Two examples may help to explain. The Church of St Mary Magdalene stands on the Newmarket road into Cambridge. Its decorative friezes make it one of the finest examples of 12th-century ecclesiastical architecture in England. This lavish chapel was built in 1169 as the heart of a hospital caring for those with leprosy. It continued in this capacity for more than a century, providing a slim lifeline for those who would otherwise have been dependent on begging.
At the far end of Kindwitwi village in the Rufiji District of Tanzania stands a more modest church, also built to serve a community of leprosy patients. Its mud walls support a corrugated iron roof that in the rainy season bangs like a drum. By the late 1960s the village was so neglected that patients routinely went untreated and unfed. Responsibility for the village was assumed by the Anglican Diocese of Masasi, and a retired missionary, Robin Lamburn, took over the management of healthcare. His work won international recognition. In the 1980s an enterprising British volunteer set up the Rufiji Leprosy Trust to support the village and eradicate leprosy in the district. The dispensary was rebuilt, outreach programmes initiated and pipes laid to bring clean water.
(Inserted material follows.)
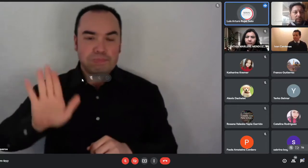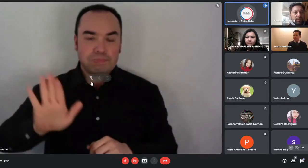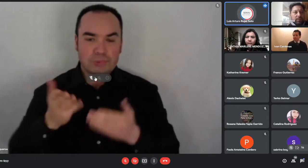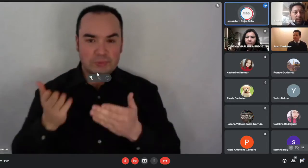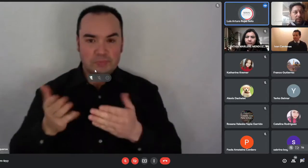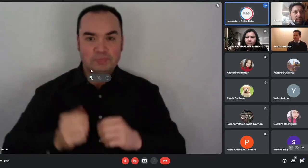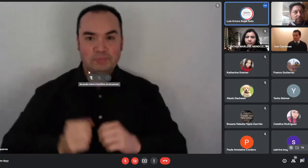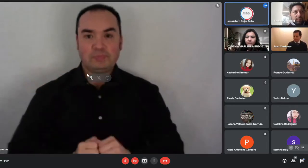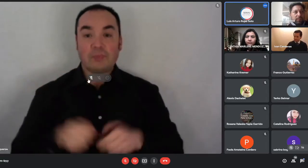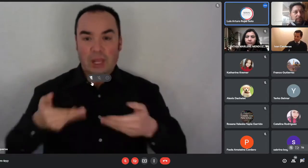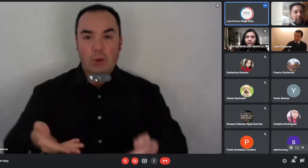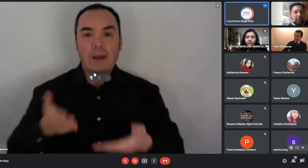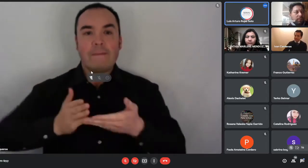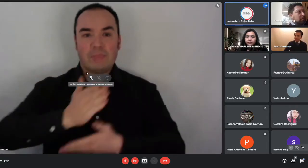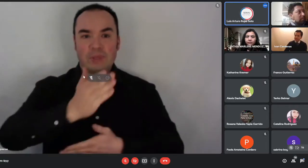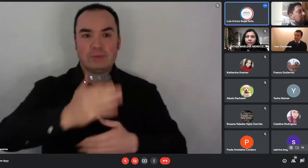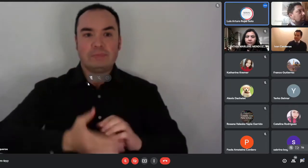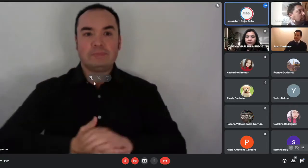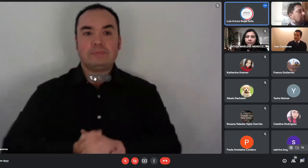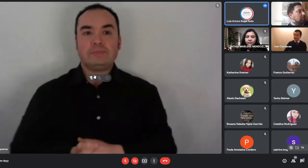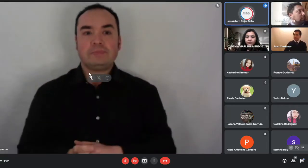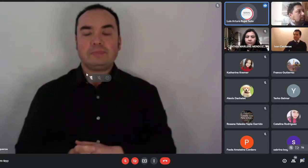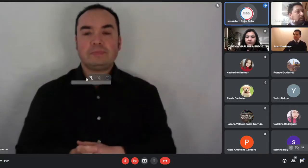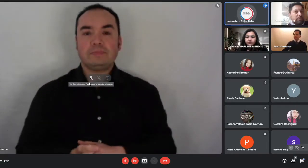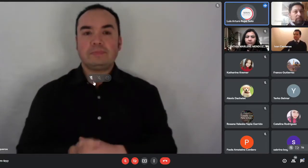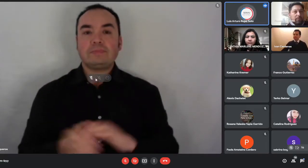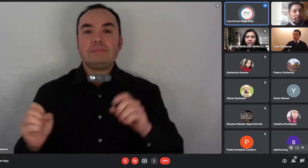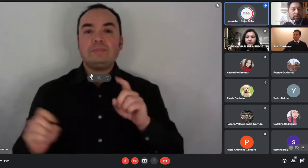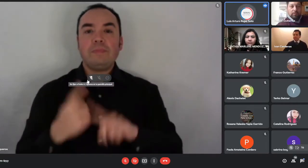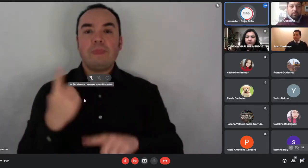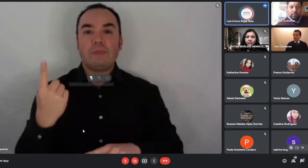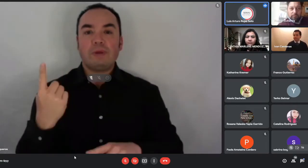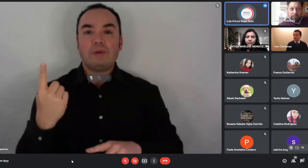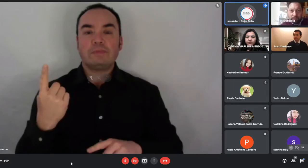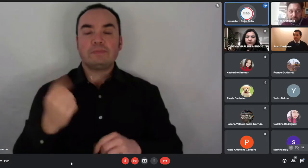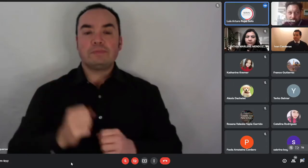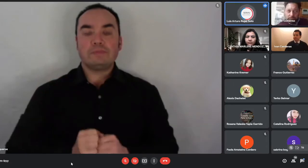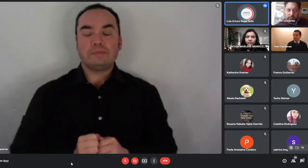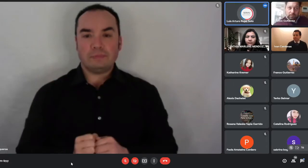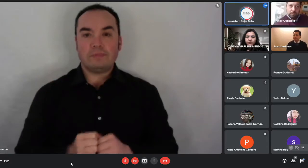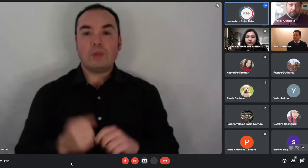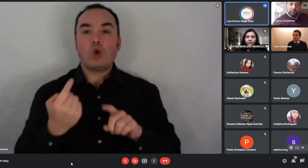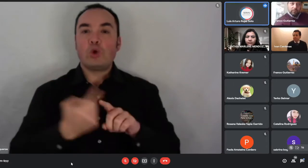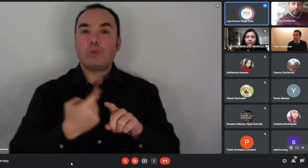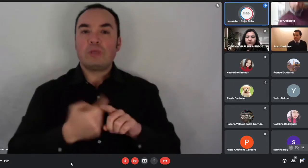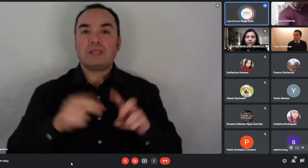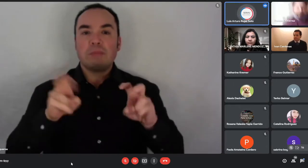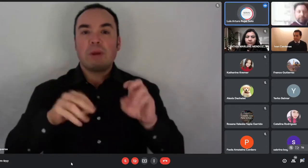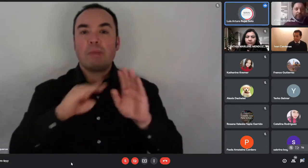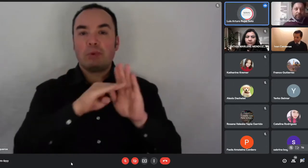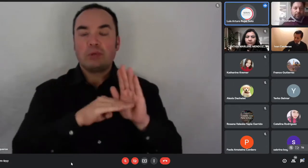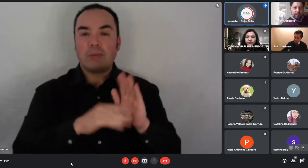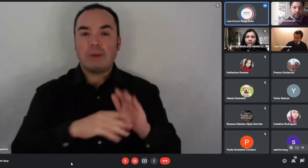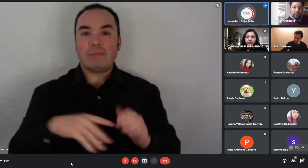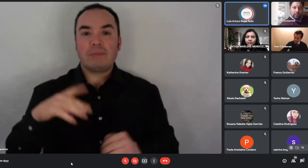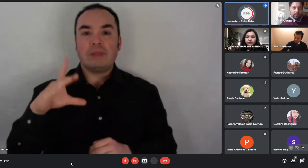Primero vamos a hablar de un programa, el Decreto Supremo número uno, que se llama el Sistema Integrado de Subsidio

With increasingly effective participation by Tanzanian health services, Kindwitwi has become the district centre for exemplary leprosy and tuberculosis care and prevention.
Much more than eight centuries separate these examples. Though it is hard to get inside the mind of the wealthy donors who endowed the leprosy settlement near Cambridge, it is likely that their primary interest was in saving souls — the patients’ and their own — through charitable giving. Their driving concern was life after death. Those involved in Kindwitwi, on the other hand, are focused on improving the lives of villagers before death. Yet the outcomes are surprisingly similar. What took place outside Cambridge was charity. What is taking place in the Rufiji District is development; but in the end, both amount to an affirmation of the value of life through care of the poor and sick.
There is no need for Christian Aid to change its motto. But a mental note might be filed: belief in life after death need not be a distraction from belief in life before death — it can be its motivation.